I almost immediately recognized that what had once been beneficial was now triggering daily pain and loss for her. Never knowing when she would come across something belonging to her daughter, photos or memorabilia that flooded her with pain. This kind of random pain made healing very difficult because she never knew when she might come across something that would trigger the loss, yet putting everything away made her feel like she wasn’t honoring her daughter.

So where is the line between honoring the loss of a loved one and surrounding yourself with painful memories?

First if you have keepsakes, make sure you store them properly so they will not be damaged. Identify what you want in your home.  Then decide whether you want to display that keepsake in a public or private space. Does seeing this keepsake bring you joy, remind you of a happy memory, or cause pain?  Focus on where you are now and how you feel now, knowing that time will bring more change.

It is important to honor keepsakes you not longer wish to display by storing and labeling them to access in the future. This way you take charge of what you need and want in your space rather allowing misplaced memories to become damaged or lost.

There is no right way to deal with loss; it is important to honor and preserve keepsakes and memories that are important to you as you will always feel that loss, in different and changing ways.

My client reclaimed her space by confronting the clutter and making informed choices about what items to keep and what to let go, by first confronting her fears of the pain finding keepsakes would cause.  We came across keepsakes and photos that made her feel joyful and displayed them in her office as an inspiration to continue reaching out to others, while storing other keepsakes in a beautiful, brightly colored container.  We came across keepsakes and photos that made her feel sad, but she embraced that feeling and honored each keepsake in a meaningful way to how she was feeling in that moment.

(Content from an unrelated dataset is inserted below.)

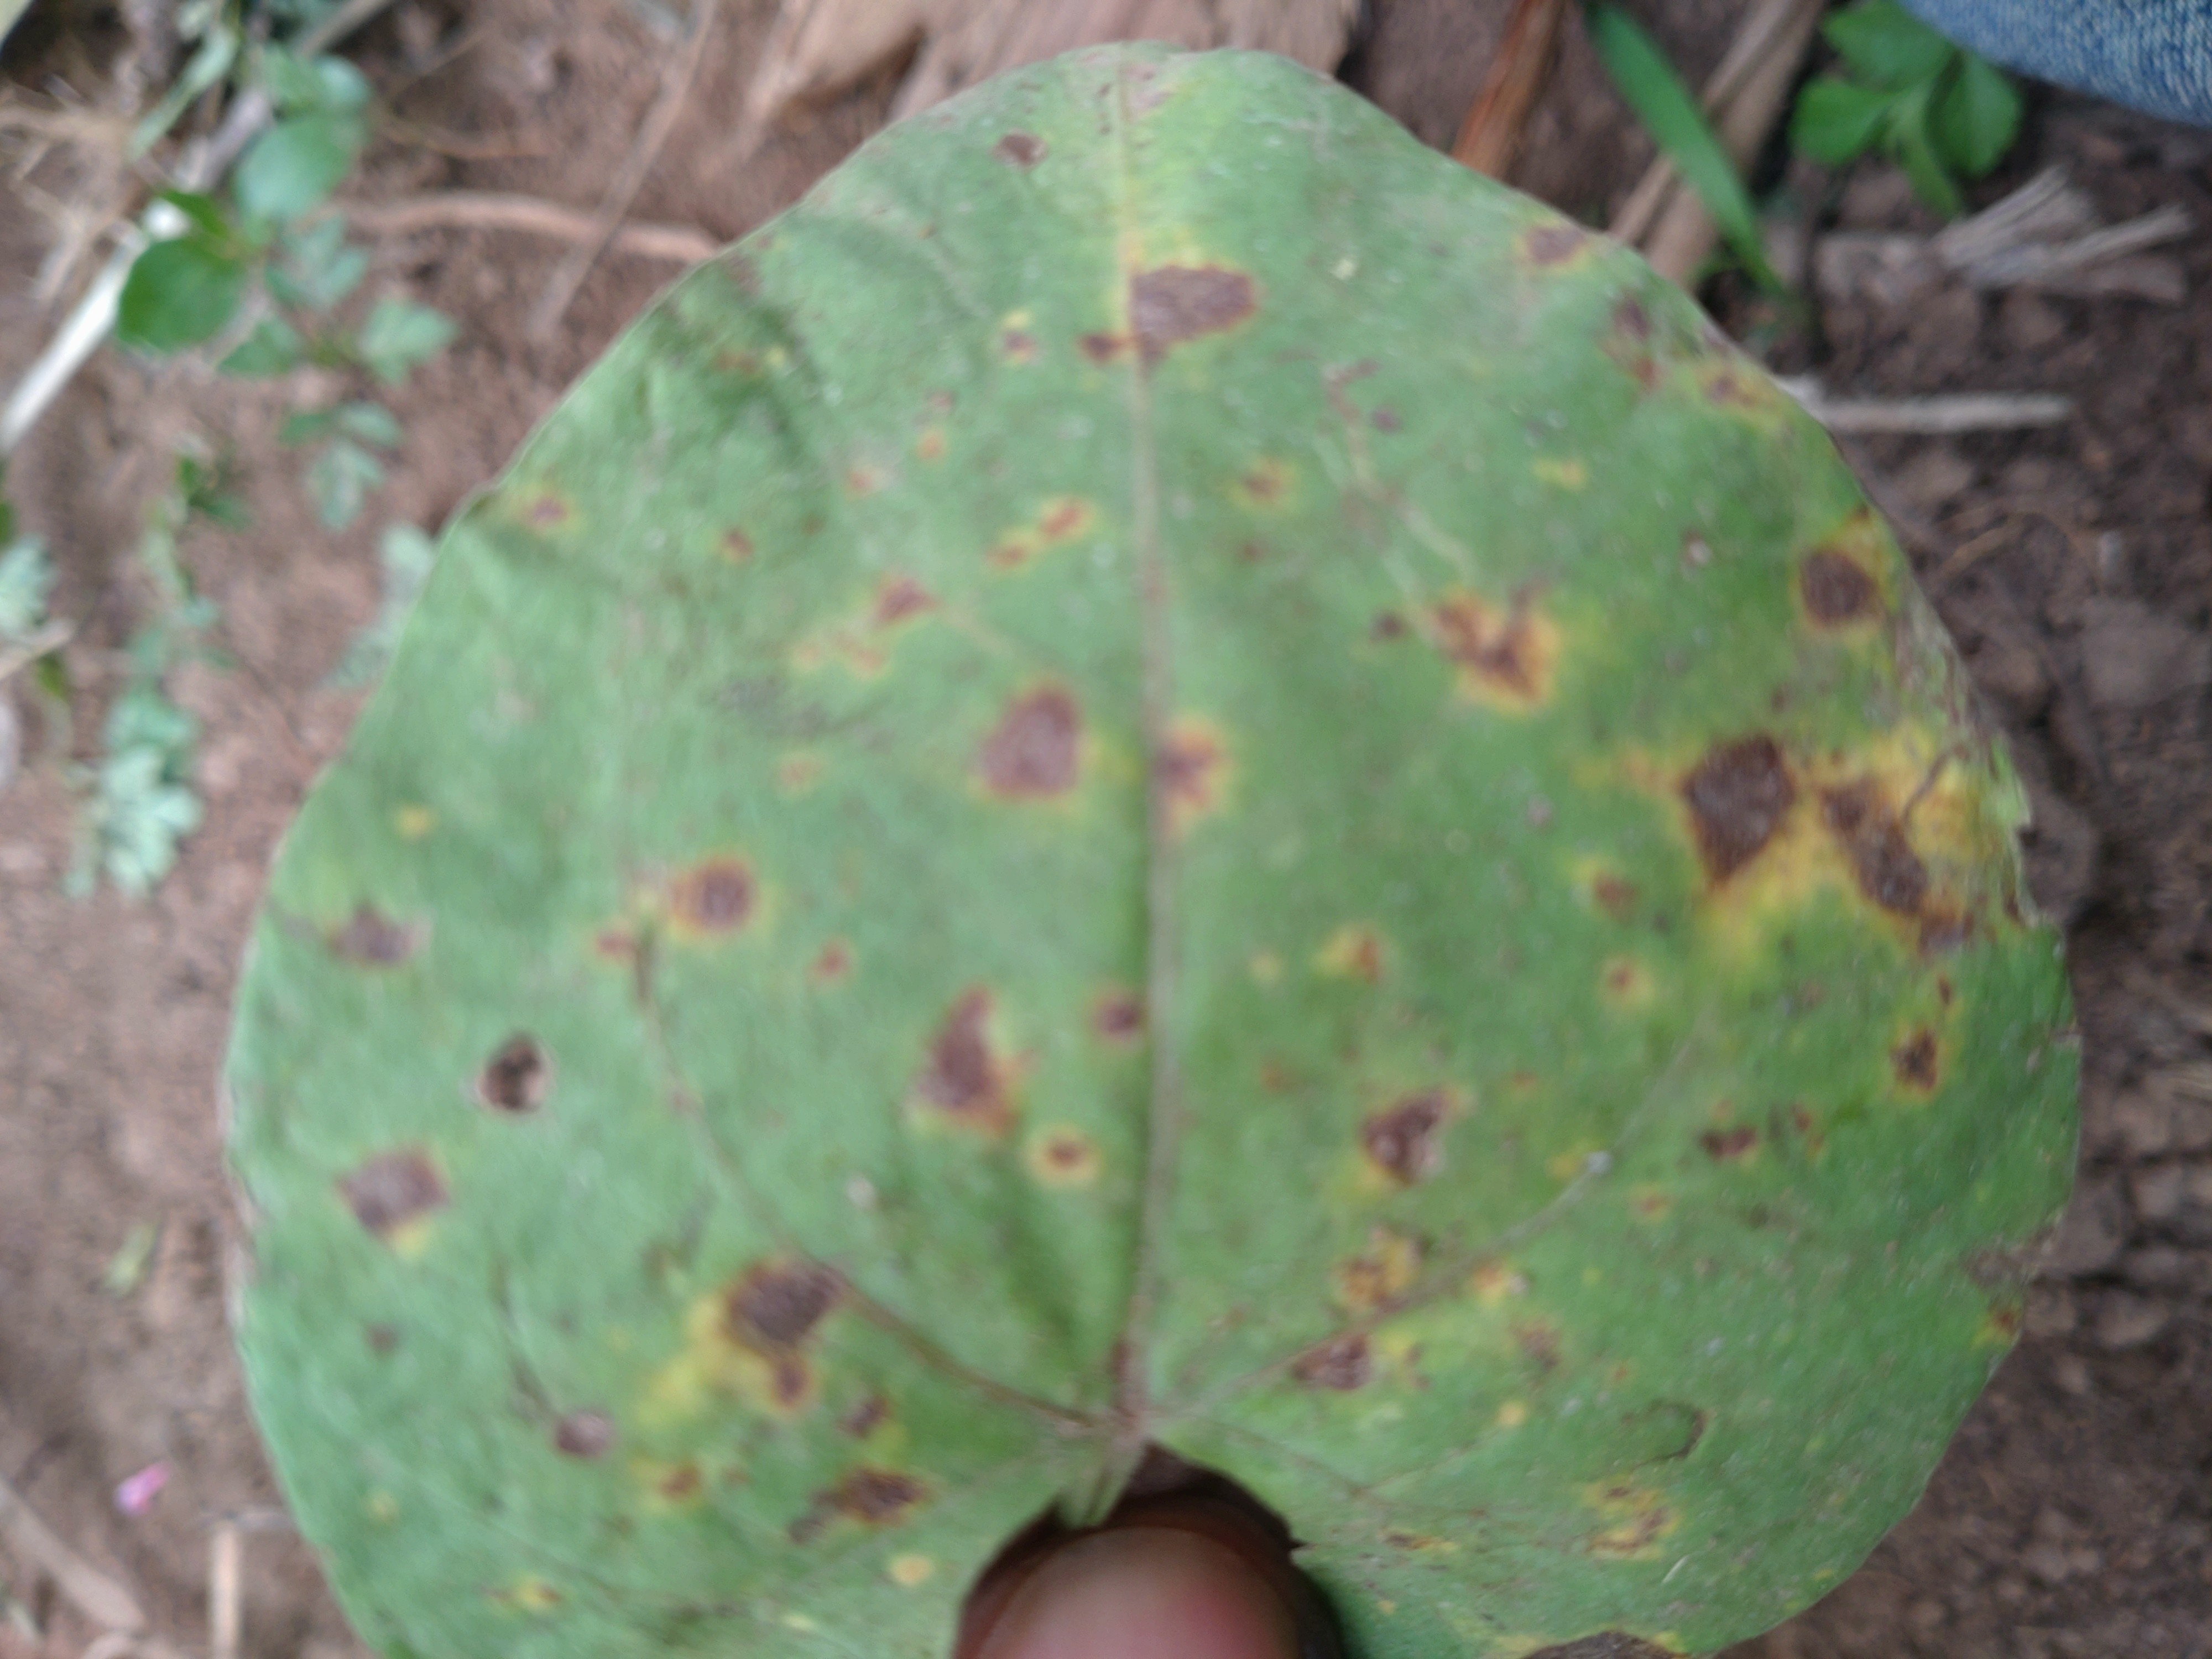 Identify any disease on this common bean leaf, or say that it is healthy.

rust
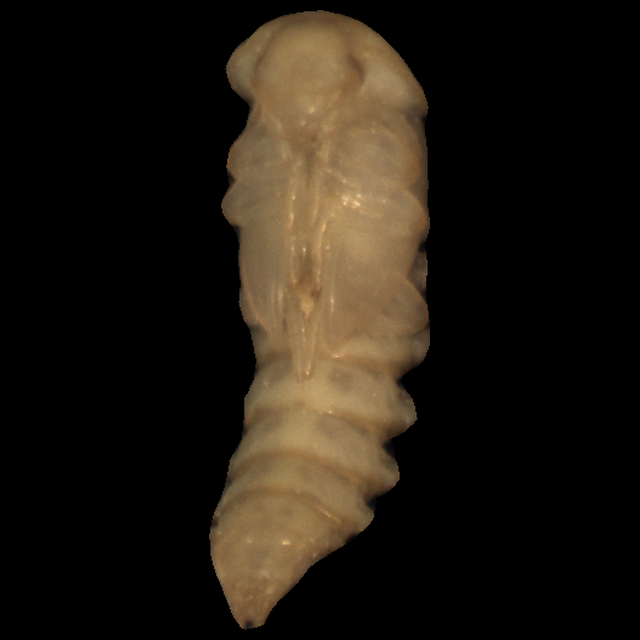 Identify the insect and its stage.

mealworm pupa
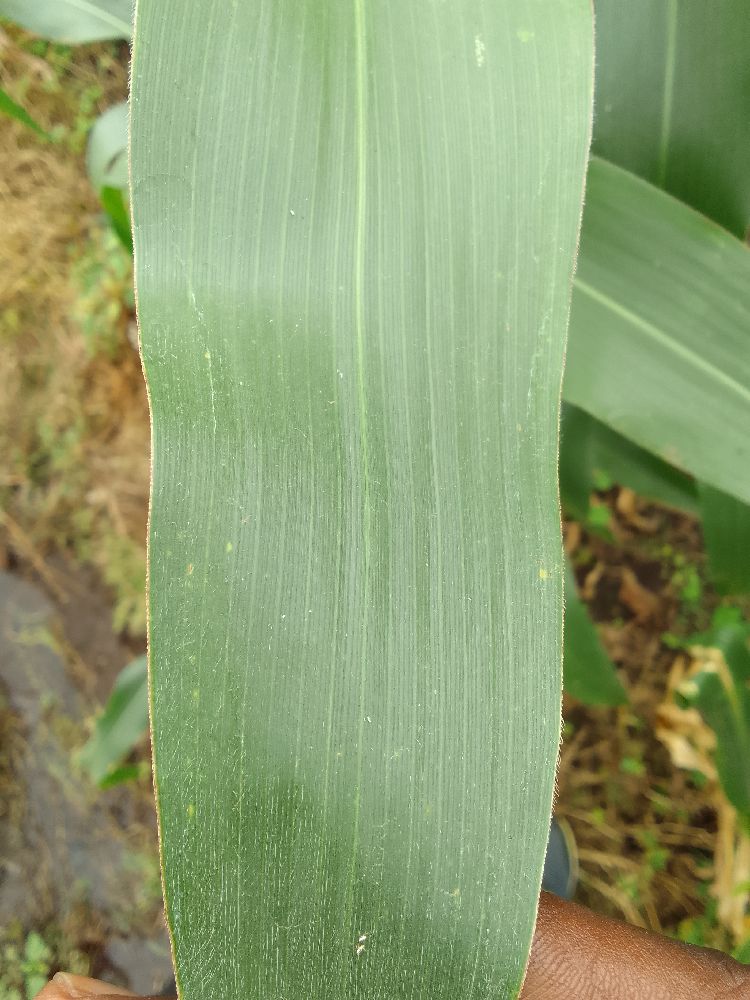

Becoming organized didn’t take away all of the pain, however it did allow her to become current in her life so she could move forward with a new found clarity. Reclaiming her space allowed her to start entertaining again, bringing new found joy into her life.  More importantly, she took charge of her space and was finally able to honor her feelings.

Has a loss in your life stopped you from honoring your feelings?  Is it taking over your home?